Hi @benjeffery and @jeromekelleher. Do you really want to close this? It remains a useful example; I'm going to be consulting it carefully in the multichromosome work I'm doing in SLiM right now, in fact, and I can imagine other folks finding it interesting and useful too. I'm not saying you need to merge it necessarily, now or perhaps ever, but if it's closed, it seems to me that a fair bit of very useful knowledge and discussion will become much harder to find. Reopening so this comment doesn't get lost, but if you really want to close it, I won't get into a close/reopen war with you. :->
It's fairly esoteric knowledge @bhaller which I'm not sure is worth keeping a PR open in perpetuity for. We've learned the key lessons from it, I think, and moved on?

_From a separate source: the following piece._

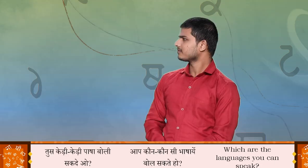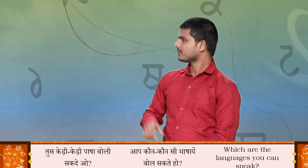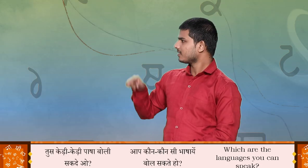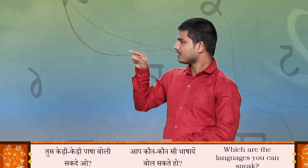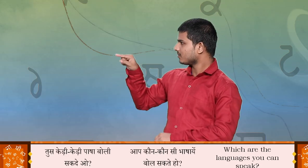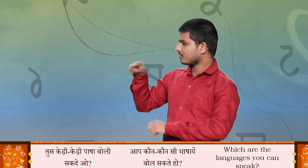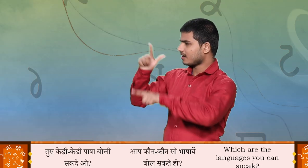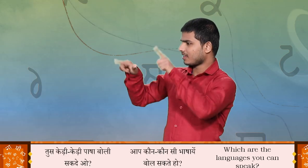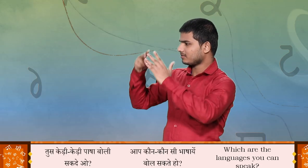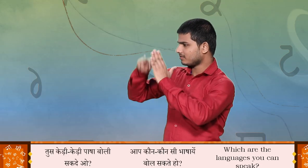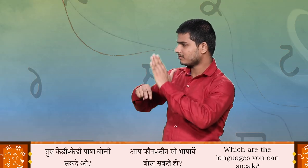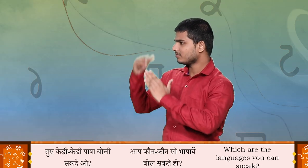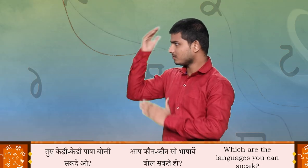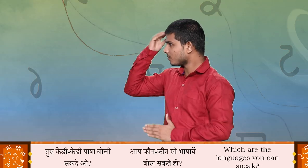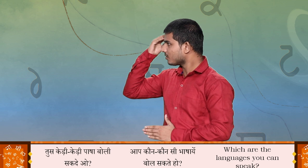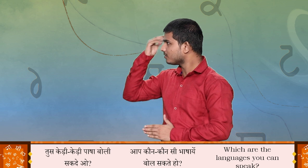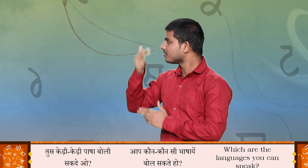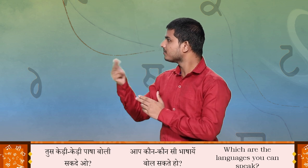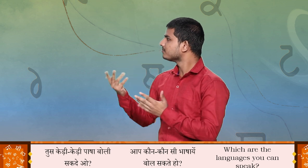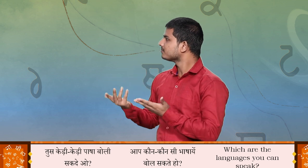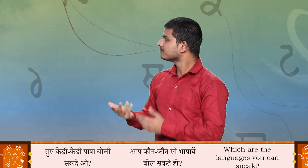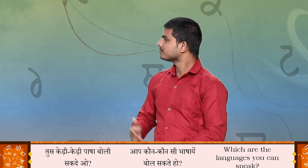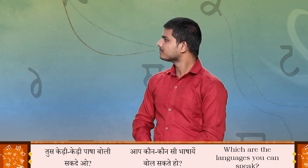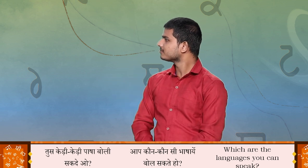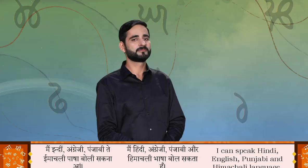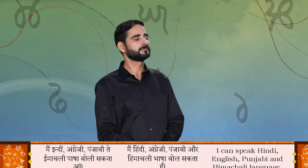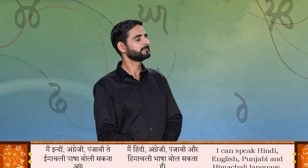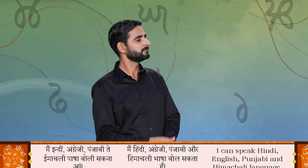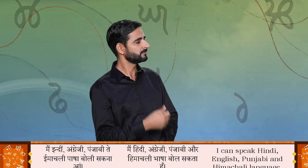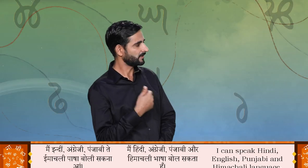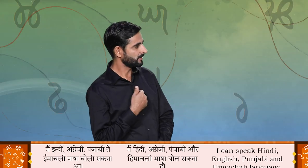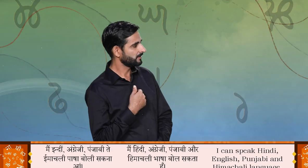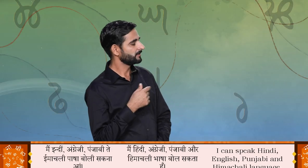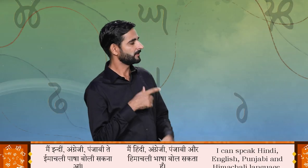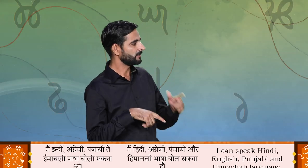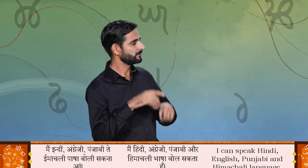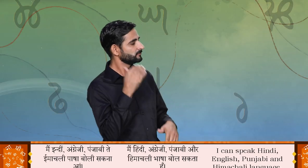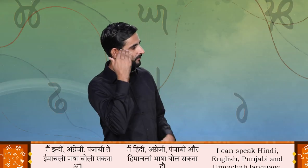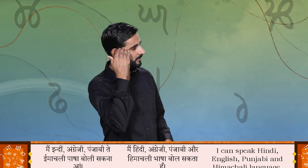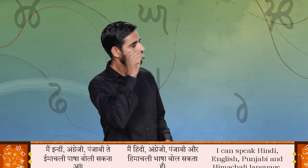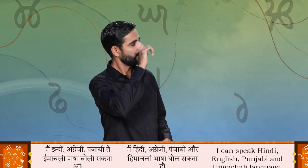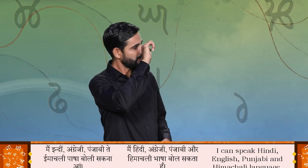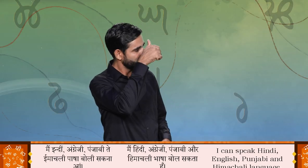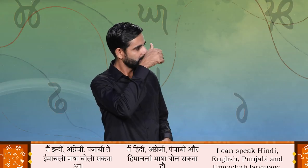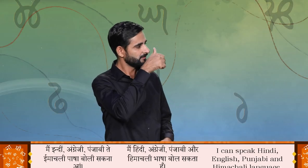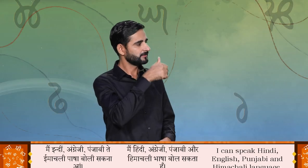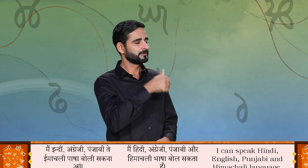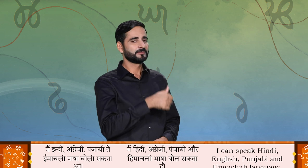तुसे केड़ी केड़ी पाशा बोली सक देओ मैं इंदी, अंग्रेजी, पंजाबी ते

But anybody who wants to actually use tskit in a multithreaded manner (which would be me, and very probably others, sooner or later) will continue to find it useful. Which is the point of an example, isn't it? Why purge it from the knowledge pool?
If it's useful we should merge it I guess - I didn't think too hard about it tbh. Keeping it here in limbo isn't an answer.
Does anyone want to have a look over and make suggestions for what would be needed to make this a useful documentation example?
I nominate @petrelharp :->. In all seriousness, he knows the tskit ecosystem way better than I do, knows your doc system, and has been involved in this all along. Can I volunteer you, Peter? :->
I think the proposal is to add something to the docs, here. I could do that, sure. I'm imagining just talking through, like "we can have the tables for each chromosome share the same node and individual tables; here's how we do that".
I can finish it up too @petrelharp, if you'd prefer to have a look through and post some review comments.
Go for it!
This code doesn't reset the sample flags; I've added a bit that does that, and also done one of @bhaller's suggestion. There's one more suggestion that I don't know where the balance between 'code complexity' and 'safe coding' is; let's get that sorted or not and merge this?
Okay - fixed those comments up. I'm not sure why the builds are failing?